• [Problem to work on] Your answer must be every line of the data that holds the string "only".

(Source records)

#####

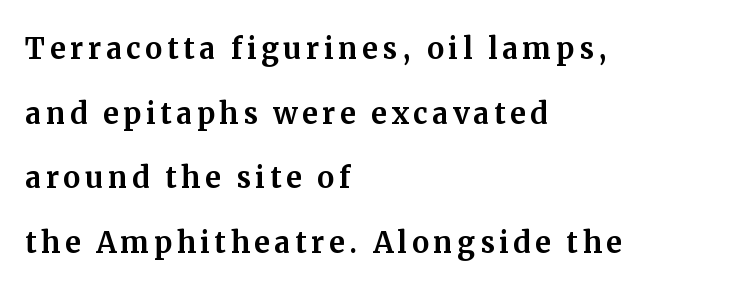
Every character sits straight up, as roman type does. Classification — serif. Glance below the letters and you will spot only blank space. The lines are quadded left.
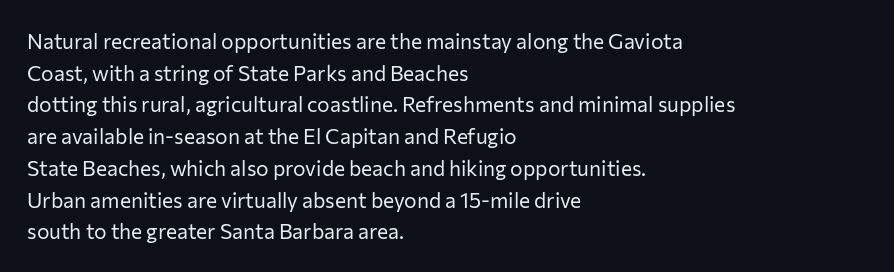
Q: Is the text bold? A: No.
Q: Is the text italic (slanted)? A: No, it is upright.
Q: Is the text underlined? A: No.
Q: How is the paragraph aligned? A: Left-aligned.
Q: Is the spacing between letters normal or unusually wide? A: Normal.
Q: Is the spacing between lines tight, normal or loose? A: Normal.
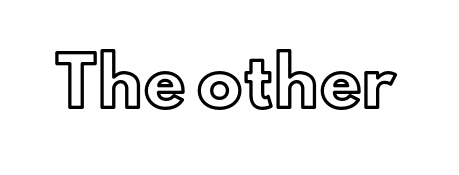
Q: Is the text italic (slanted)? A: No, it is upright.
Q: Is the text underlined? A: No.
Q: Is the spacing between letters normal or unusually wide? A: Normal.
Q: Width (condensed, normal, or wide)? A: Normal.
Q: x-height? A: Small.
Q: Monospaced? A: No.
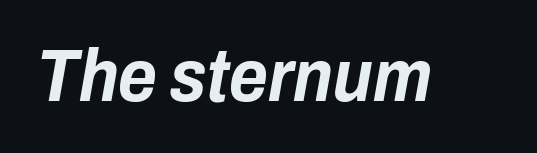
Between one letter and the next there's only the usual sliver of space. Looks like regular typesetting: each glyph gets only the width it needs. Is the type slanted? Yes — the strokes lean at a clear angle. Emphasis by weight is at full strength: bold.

#####

• [Written response]
Every character sits straight up, as roman type does. Classification — serif. Glance below the letters and you will spot only blank space. The lines are quadded left.
Between one letter and the next there's only the usual sliver of space. Looks like regular typesetting: each glyph gets only the width it needs. Is the type slanted? Yes — the strokes lean at a clear angle. Emphasis by weight is at full strength: bold.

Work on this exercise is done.